Custom software (Angel Sound™; http://angelsound.emilyfufoundation.org) was used for testing. During each trial of a test, a contour was randomly selected (without replacement) from among the 27 stimuli and presented only once to the subject, who responded by clicking on one of the nine response boxes shown onscreen. No trial-by-trial feedback was provided, and stimuli were presented one time (no repeating of stimuli). The order of test conditions was randomized within and across subjects. Stimuli were presented at 60 dBA to the right channel of circumaural headphones (Sennheiser HDA 200) connected to a headphone amplifier (Tucker-Davis Technologies HB6).

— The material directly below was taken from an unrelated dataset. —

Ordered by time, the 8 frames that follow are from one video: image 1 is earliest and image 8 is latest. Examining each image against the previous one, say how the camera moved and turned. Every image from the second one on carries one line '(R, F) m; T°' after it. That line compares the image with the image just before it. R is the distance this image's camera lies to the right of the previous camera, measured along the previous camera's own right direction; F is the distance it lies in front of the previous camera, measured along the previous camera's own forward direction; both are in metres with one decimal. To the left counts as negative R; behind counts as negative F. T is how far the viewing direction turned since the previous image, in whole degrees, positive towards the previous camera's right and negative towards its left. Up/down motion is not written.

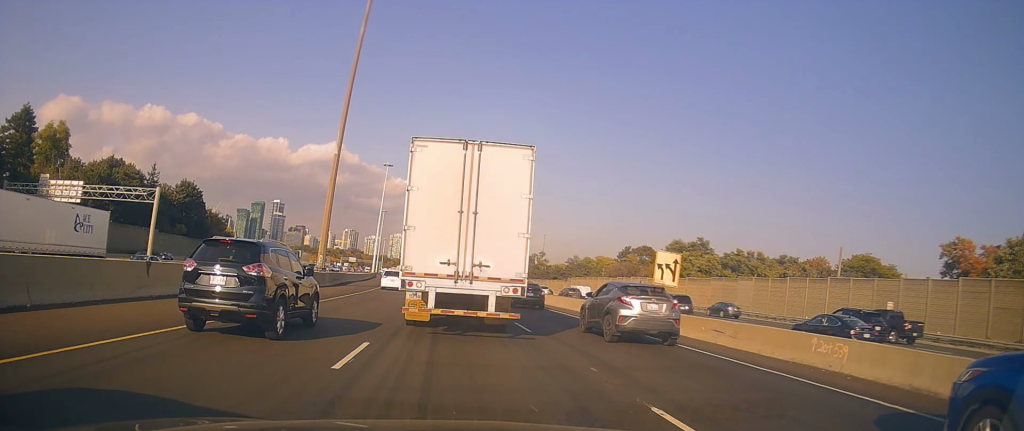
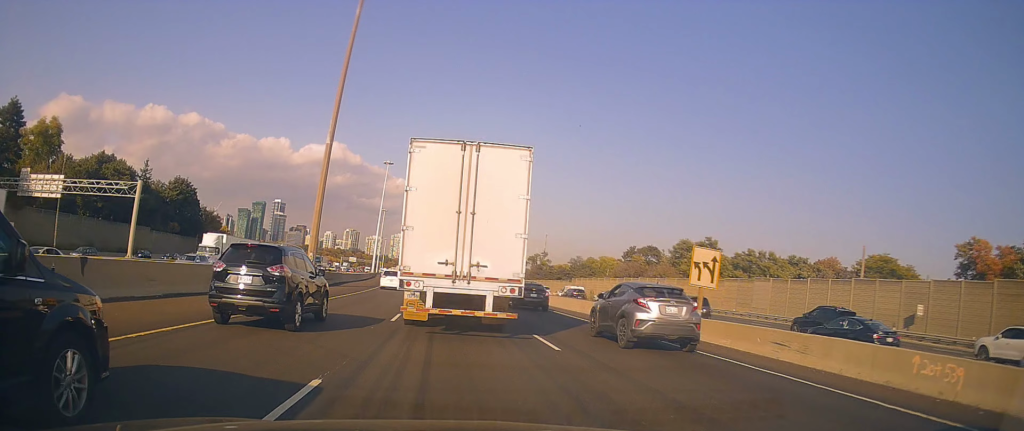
(0.0, +3.9) m; +1°
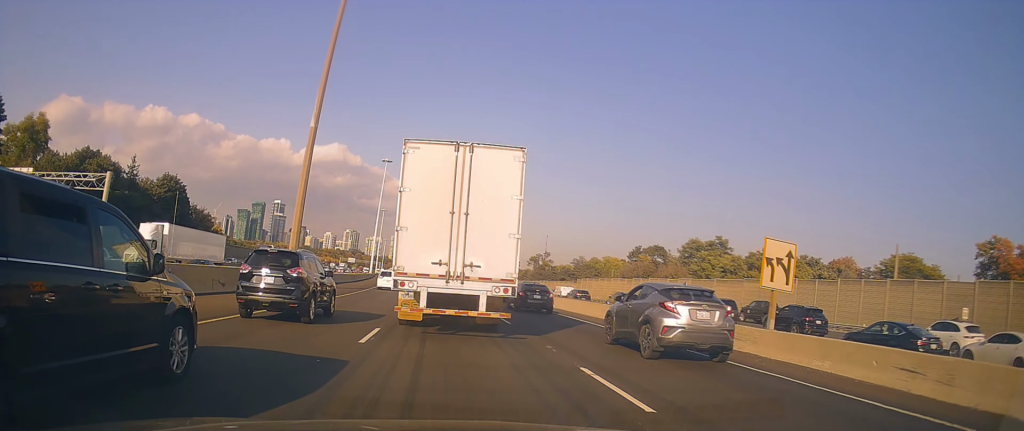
(+0.2, +5.4) m; +2°
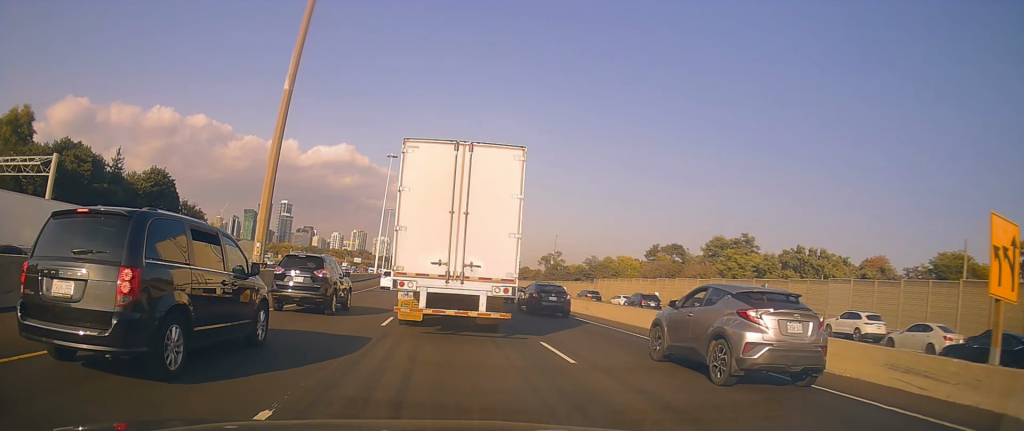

Speech Stimuli and Testing
Sentence recognition was measured in quiet and in steady noise using a matrix-styled procedure (Crew et al., 2015, 2016; Hagerman, 1982; Kollmeier et al., 2015). Stimuli were the same as in Crew et al. (2015, 2016) and consisted of 50 words produced by an adult male for each semitone between A2 (110 Hz) and A3 (220 Hz), as well as spoken with a natural intonation. Three stimuli conditions were tested: (a) spoken speech, (b) sung speech with fixed pitch, in which each word of the sentence was sung at the same pitch (D#3, or 155 Hz), and (c) sung speech with mixed pitch, in which each sentence was paired with 1 of the 27 contours used for MCI testing. For each stimulus condition, there were 27 stimuli in each test (same as for the MCI task). For testing in noise, steady noise was matched to the spectrum of all words produced by the male talker; the signal-to-noise ratio (SNR) was 0 dB, calculated according to the long-term RMS of the sentence. The onset and offset of the noise were 500 ms before and after the sentence, respectively.
During testing, a sentence was randomly generated by selecting one word from each of the five categories (name, verb, number, color, and clothing). The subject responded by clicking on the words which they identified best matched what they heard in the sentence. Subjects were instructed to make a choice for each of the words in the sentence, and to guess if they were unsure. Once all five response words were selected, the subject pressed the Next button, and a new sentence was randomly generated. For more details about the speech testing, see Crew et al. (2015, 2016). The stimulus and noise conditions were randomized within and across subjects. Stimuli were presented at 60 dBA via the right channel of circumaural headphones (Sennheiser HDA 200) connected to a headphone amplifier (Tucker-Davis Technologies HB6). As with the MCI testing, no feedback was provided and stimuli were presented one time (no repeats).
Results
Music Perception
Figure 1 shows boxplots of overall MCI performance, as well as performance with 1, 2, and 3 semitone spacings for the piano, fixed timbre, and mixed timbre stimulus conditions, for the musician and nonmusician groups. The mean performance difference (across semitone spacings) between musicians and nonmusicians was 36.0, 24.7, and 30.9 percentage points for the piano, fixed timbre, and mixed timbre conditions, respectively. A split-plot repeated measures analysis of variance (RM ANOVA) with timbre (piano, fixed, and mixed) and semitone spacing (1, 2, and 3) as within-subject factors and group (musicians and nonmusicians) as the between-subject factor was performed on the MCI data; an arcsine transform (Studebaker, 1985) was performed on the data before analysis to reduce floor and ceiling effects. Results are shown in Table 2. There were significant effects for subject group (p < .001), semitone spacing (p = .010), and timbre (p < .001). Post hoc Bonferroni pairwise comparisons showed that performance was significantly better with three semitones than with one semitone (p = .010); there were no significant differences between the remaining spacing conditions (p > .05 in both cases). Post hoc Bonferroni pairwise comparisons showed that performance was significantly poorer with the mixed timbre than with the fixed timbre (p < .001) or piano conditions (p < .001). Although there was no significant interaction between timbre and group (p = .071), post hoc Bonferroni pairwise comparisons (two tailed) showed that musician performance was significantly poorer with the mixed timbre than with the fixed timbre (p < .001) or piano conditions (p = .012); there was no significant timbre effect for nonmusicians (p > .05 in all cases). Large effect sizes were observed for timbre, spacing, and group (η2 > 0.14 in all cases). Mann–Whitney rank sum tests also showed significantly higher musician self-ratings for musical confidence (p < .001) and pitch confidence (p = .004).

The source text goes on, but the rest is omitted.